Kecoak memulai percakapan, “hai tempat sampah, kau tahu dimana kepalaku?”
Dapur itu sangat hening. Jika ada selembar rambut jatuh, suaranya akan terdengar menggelegar dan mengagetkan seisi rumah.
“Aku tidak tahu. Yang aku tahu; aku tidak tahu kalau kau punya kepala.” Jawab tempat sampah retak sejujurnya, atau mungkin sebohongnya.
“Ya, kemarin ada manusia iseng menginginkan kepalaku untuk dijadikan koleksi,”
“lalu?” potong tempat sampah penasaran.
“ya lalu aku mencari-cari tempat dimana ia menyimpan kepalaku, atau mungkin juga kepala-kepala binatang-binatang lain. Apakah manusia pernah bercerita dimana ia menyimpannya padamu?”
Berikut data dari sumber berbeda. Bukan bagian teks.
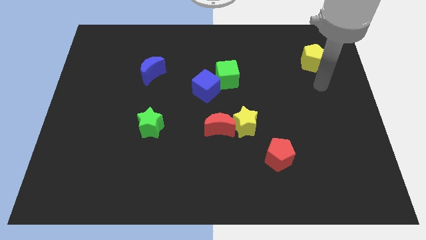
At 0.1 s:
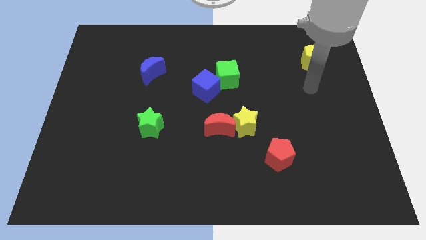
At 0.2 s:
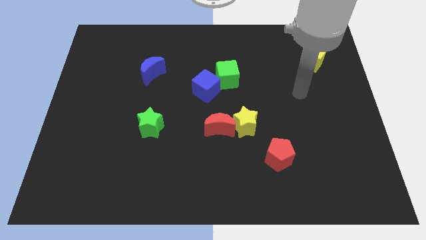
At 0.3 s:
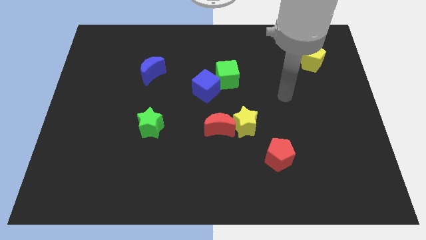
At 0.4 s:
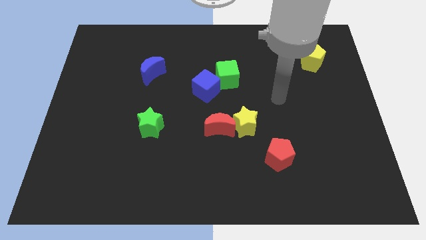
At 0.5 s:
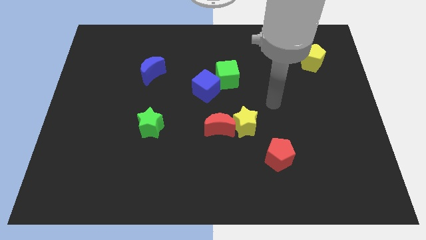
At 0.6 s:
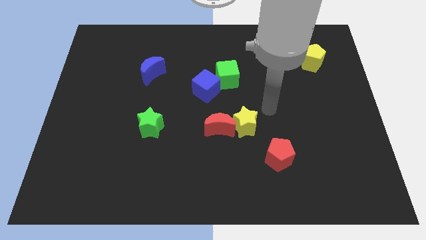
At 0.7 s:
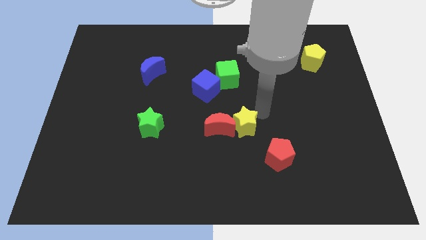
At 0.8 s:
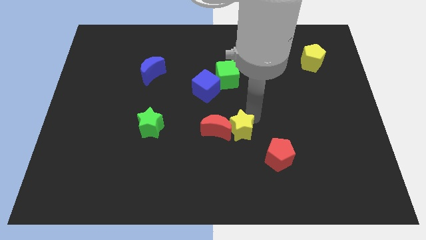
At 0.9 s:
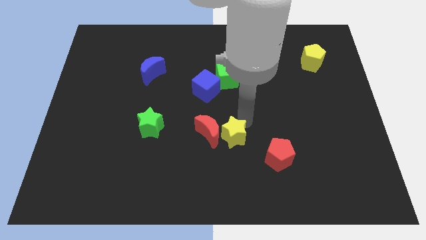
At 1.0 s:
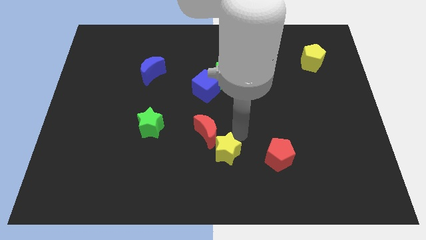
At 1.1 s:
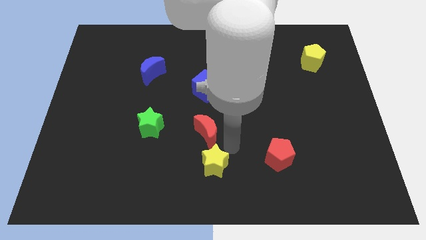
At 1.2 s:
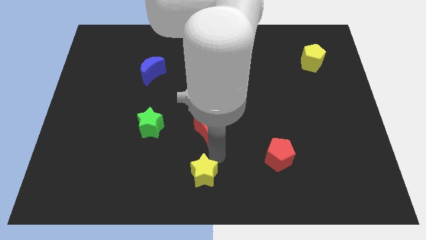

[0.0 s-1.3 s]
separate the red moon from the yellow star

“Loh, bagaimana mungkin tanpa kepala kau masih hidup?” tanya tempat sampah tanpa menghiraukan pertanyaan kecoak.
“Tuhan masih mau menangguhkan umurku seminggu. Tapi setelah satu minggu itu aku akan mati.” jelas kecoak.
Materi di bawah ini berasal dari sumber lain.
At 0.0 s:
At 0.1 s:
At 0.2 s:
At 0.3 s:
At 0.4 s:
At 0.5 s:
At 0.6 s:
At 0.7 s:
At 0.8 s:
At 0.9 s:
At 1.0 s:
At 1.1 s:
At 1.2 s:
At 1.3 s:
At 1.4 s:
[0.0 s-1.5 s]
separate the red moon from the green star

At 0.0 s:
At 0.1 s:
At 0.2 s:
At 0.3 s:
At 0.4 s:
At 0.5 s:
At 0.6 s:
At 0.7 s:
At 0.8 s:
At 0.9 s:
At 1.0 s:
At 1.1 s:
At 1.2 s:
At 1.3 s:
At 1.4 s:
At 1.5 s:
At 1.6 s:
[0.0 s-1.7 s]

“Kenapa mati?” tanya tempat sampah lugu, atau mungkin dungu.
“Karena tanpa kepala aku nggak bisa makan, bodoh!” jawab kecoak serius, atau mungkin sinis, atau mungkin ingin melucu.
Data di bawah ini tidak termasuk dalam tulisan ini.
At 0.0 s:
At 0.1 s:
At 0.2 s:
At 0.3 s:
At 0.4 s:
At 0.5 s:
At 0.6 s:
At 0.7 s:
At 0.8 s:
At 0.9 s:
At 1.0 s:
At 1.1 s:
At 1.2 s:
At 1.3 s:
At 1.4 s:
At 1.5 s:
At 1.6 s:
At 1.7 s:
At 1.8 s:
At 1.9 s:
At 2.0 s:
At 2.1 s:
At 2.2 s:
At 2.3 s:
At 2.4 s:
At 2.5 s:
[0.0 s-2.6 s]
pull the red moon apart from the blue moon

Dapur itu masih hening. Bahkan jika ada selembar rambut jatuh, suaranya akan terdengar menggelegar dan mengagetkan seisi rumah.
“Kenapa manusia itu begitu jahat? Apa kau punya salah?” Tempat sampah empati.
“Tentu ada!” jawab kecoak datar. Juga ingin membuat celah pertanyaan.
“Apa?” tempat sampah retak bertanya bingung.
“Kesalahanku adalah karena aku dilahirkan sebagai kecoa tak berkepala.” Kecoak puas.
“...” tempat sampah mengangguk diam. Dalam hatinya ada pertanyaan yang tidak berani ia tanyakan; sejak kapan kecoak tidak punya kepala.
Dapur itu mulai menggeliat.
“Terimakasih tempat sampahku yang baik!” kata kecoak menutup puisinya.